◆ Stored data
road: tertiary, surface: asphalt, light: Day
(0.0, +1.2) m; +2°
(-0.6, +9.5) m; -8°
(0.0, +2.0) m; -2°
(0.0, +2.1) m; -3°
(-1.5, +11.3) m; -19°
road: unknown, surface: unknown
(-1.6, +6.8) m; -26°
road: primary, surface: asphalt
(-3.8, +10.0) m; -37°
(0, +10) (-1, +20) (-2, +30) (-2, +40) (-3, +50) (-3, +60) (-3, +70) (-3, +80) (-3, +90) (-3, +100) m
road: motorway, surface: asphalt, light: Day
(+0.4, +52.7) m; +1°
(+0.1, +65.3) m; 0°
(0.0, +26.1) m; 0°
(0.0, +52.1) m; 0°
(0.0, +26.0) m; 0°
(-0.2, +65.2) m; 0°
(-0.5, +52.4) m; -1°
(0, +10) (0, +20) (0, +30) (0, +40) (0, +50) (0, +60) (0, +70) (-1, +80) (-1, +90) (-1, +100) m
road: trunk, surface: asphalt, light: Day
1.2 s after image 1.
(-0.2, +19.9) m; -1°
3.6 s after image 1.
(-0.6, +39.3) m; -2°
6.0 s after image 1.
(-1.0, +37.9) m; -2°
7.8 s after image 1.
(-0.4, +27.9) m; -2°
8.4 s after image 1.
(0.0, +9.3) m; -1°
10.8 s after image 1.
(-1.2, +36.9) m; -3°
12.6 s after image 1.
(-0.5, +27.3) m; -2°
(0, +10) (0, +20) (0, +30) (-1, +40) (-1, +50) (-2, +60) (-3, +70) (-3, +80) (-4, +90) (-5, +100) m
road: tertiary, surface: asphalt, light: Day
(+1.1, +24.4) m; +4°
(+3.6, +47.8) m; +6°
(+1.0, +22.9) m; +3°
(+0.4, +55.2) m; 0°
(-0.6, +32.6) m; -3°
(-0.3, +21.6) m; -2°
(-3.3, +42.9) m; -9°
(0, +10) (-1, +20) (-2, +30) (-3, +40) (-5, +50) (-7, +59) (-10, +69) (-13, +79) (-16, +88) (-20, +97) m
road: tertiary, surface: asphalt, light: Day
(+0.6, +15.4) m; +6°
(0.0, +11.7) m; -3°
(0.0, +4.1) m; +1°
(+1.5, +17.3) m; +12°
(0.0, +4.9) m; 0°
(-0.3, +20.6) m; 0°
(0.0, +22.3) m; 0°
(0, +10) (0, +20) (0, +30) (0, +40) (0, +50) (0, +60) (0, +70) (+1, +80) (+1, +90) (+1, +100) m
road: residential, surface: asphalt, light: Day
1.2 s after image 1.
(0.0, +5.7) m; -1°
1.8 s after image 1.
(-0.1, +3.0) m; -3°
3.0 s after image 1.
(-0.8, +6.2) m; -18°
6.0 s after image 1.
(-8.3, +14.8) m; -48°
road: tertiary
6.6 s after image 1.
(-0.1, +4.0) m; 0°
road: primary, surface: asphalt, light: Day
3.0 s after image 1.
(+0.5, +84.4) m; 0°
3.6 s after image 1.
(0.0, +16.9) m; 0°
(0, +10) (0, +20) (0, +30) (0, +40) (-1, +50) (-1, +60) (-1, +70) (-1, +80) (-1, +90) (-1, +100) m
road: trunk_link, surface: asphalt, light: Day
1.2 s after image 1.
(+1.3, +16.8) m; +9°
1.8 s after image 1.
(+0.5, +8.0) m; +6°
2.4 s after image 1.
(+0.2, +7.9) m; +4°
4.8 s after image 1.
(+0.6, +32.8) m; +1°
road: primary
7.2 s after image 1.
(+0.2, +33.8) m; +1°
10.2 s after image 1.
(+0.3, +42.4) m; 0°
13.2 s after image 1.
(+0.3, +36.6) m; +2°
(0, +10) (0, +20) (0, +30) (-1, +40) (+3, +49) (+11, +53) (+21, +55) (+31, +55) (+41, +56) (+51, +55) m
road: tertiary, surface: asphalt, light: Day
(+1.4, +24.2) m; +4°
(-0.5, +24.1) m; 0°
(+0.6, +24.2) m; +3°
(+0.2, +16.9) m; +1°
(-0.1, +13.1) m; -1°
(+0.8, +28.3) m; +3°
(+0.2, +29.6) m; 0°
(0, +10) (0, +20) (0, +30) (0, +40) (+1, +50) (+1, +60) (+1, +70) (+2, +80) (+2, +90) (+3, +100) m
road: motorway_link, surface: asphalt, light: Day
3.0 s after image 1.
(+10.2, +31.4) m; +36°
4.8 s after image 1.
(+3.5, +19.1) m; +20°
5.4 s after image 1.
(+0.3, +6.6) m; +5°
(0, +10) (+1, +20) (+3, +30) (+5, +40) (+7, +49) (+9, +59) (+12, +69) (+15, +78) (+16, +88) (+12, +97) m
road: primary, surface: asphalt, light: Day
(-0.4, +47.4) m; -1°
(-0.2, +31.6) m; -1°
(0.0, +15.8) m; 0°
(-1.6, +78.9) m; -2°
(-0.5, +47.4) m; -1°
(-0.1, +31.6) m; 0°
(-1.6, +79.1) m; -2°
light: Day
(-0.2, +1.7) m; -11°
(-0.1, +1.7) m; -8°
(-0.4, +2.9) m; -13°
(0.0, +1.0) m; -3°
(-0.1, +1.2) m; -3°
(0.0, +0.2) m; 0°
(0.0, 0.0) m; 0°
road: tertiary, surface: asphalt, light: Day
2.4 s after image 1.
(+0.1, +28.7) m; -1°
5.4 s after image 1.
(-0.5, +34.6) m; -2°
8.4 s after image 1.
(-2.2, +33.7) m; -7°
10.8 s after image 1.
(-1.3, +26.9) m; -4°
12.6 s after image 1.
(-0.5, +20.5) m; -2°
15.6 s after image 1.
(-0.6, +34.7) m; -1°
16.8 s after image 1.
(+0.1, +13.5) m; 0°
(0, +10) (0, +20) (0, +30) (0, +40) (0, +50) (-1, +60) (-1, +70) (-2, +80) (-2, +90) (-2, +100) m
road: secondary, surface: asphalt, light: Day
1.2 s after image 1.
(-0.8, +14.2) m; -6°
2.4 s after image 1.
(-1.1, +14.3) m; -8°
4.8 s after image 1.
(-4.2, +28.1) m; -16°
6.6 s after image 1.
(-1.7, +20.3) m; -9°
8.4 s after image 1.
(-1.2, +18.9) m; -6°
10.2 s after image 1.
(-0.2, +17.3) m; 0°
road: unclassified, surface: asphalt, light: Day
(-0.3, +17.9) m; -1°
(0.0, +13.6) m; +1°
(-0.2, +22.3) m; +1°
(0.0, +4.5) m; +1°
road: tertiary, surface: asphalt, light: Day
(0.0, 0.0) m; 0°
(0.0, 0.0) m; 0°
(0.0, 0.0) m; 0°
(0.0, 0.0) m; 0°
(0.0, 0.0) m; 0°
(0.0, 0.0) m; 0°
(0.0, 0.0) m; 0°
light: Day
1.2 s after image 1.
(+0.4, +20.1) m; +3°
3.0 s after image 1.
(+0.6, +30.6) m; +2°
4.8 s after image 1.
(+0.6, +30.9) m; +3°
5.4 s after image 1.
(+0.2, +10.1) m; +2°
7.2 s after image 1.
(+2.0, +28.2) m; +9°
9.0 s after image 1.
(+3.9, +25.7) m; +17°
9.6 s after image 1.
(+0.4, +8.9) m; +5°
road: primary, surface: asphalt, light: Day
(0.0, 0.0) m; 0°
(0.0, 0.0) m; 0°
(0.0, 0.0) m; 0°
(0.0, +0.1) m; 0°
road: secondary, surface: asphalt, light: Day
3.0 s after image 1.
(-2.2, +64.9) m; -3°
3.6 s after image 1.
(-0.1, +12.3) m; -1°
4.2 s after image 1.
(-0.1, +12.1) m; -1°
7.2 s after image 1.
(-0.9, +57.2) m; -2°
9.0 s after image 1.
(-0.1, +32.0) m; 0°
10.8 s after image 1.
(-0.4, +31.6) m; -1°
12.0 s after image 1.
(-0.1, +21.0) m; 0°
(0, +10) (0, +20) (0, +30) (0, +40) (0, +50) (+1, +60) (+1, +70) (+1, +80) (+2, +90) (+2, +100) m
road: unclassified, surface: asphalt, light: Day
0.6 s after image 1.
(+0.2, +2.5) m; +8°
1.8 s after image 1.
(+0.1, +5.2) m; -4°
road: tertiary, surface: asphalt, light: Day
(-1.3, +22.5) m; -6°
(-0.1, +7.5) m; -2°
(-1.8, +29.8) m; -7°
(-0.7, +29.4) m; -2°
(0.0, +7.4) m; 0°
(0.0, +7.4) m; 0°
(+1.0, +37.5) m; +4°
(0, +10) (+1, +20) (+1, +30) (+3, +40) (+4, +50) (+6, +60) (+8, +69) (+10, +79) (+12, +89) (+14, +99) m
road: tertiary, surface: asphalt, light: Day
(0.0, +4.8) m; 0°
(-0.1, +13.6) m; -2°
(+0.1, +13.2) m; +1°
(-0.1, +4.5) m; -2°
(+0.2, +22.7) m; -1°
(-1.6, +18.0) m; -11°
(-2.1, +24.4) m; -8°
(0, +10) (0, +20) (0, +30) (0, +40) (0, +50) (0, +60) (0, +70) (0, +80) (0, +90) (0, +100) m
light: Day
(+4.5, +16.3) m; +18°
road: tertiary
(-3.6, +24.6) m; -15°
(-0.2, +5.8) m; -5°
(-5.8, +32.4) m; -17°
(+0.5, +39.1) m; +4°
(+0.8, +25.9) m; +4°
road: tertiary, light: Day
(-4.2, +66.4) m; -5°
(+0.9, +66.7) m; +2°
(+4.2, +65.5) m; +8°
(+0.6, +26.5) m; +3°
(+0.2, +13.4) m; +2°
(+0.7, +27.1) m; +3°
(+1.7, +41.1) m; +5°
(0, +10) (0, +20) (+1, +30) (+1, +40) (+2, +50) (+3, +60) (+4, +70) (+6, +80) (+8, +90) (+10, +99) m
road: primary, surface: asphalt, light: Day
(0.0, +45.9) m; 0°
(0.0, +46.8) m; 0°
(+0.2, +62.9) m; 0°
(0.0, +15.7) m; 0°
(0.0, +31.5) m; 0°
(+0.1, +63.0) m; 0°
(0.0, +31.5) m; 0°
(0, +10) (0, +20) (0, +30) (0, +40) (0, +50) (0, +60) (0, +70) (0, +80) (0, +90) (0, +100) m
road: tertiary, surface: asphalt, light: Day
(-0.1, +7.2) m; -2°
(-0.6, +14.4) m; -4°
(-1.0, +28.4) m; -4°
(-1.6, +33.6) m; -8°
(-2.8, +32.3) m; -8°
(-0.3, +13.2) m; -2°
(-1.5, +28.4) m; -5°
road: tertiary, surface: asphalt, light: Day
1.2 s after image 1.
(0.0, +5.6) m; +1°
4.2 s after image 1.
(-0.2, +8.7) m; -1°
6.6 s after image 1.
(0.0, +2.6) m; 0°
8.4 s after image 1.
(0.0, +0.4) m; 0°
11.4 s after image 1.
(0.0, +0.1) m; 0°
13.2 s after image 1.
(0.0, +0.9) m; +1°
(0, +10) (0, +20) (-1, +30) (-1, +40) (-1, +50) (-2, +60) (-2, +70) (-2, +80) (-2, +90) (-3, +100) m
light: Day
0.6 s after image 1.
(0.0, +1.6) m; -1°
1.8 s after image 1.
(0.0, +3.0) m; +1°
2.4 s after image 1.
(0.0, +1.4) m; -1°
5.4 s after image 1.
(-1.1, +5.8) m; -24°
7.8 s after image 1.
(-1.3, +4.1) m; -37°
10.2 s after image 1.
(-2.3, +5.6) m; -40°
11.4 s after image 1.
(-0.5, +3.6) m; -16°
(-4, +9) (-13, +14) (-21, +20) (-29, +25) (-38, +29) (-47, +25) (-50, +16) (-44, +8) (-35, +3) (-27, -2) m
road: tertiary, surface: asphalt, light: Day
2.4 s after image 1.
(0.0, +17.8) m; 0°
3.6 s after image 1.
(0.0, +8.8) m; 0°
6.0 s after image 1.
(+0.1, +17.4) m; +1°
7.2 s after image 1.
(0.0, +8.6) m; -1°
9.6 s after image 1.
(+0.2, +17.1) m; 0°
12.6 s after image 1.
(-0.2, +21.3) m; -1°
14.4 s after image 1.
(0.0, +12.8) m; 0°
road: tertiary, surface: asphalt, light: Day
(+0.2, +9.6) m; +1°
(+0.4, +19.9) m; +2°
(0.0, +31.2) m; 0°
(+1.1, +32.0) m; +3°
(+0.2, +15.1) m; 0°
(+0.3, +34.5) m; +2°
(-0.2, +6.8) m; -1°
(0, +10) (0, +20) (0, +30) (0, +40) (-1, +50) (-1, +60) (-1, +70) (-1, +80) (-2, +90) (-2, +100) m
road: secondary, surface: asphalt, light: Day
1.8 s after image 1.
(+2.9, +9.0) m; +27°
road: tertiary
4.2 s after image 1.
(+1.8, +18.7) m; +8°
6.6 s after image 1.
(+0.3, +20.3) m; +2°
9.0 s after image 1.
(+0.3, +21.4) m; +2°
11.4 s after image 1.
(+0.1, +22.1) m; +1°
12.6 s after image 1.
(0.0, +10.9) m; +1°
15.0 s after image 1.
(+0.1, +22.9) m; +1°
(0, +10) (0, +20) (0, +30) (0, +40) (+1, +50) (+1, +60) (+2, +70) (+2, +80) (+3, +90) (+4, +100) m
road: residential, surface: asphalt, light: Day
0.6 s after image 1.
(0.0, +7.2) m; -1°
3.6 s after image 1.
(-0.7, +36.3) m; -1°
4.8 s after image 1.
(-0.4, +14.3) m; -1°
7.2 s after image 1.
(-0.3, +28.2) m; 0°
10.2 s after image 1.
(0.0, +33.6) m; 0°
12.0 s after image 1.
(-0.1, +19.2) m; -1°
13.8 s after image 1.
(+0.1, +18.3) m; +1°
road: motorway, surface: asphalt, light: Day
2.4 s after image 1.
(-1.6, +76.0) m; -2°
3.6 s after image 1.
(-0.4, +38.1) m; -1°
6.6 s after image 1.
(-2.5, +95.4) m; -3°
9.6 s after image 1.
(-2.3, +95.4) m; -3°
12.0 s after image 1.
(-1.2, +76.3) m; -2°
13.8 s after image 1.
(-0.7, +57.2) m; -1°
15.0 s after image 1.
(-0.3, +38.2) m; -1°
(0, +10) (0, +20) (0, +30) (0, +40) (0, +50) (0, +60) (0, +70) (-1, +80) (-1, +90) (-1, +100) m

◆ EXERCISE BRIEF
From the very first line of the data through the line with "road: trunk, surface: asphalt, light: Day" in it, please reproduce each line exactly and output nothing more.

◆ SOLUTION TO THE PROBLEM
road: tertiary, surface: asphalt, light: Day
(0.0, +1.2) m; +2°
(-0.6, +9.5) m; -8°
(0.0, +2.0) m; -2°
(0.0, +2.1) m; -3°
(-1.5, +11.3) m; -19°
road: unknown, surface: unknown
(-1.6, +6.8) m; -26°
road: primary, surface: asphalt
(-3.8, +10.0) m; -37°
(0, +10) (-1, +20) (-2, +30) (-2, +40) (-3, +50) (-3, +60) (-3, +70) (-3, +80) (-3, +90) (-3, +100) m
road: motorway, surface: asphalt, light: Day
(+0.4, +52.7) m; +1°
(+0.1, +65.3) m; 0°
(0.0, +26.1) m; 0°
(0.0, +52.1) m; 0°
(0.0, +26.0) m; 0°
(-0.2, +65.2) m; 0°
(-0.5, +52.4) m; -1°
(0, +10) (0, +20) (0, +30) (0, +40) (0, +50) (0, +60) (0, +70) (-1, +80) (-1, +90) (-1, +100) m
road: trunk, surface: asphalt, light: Day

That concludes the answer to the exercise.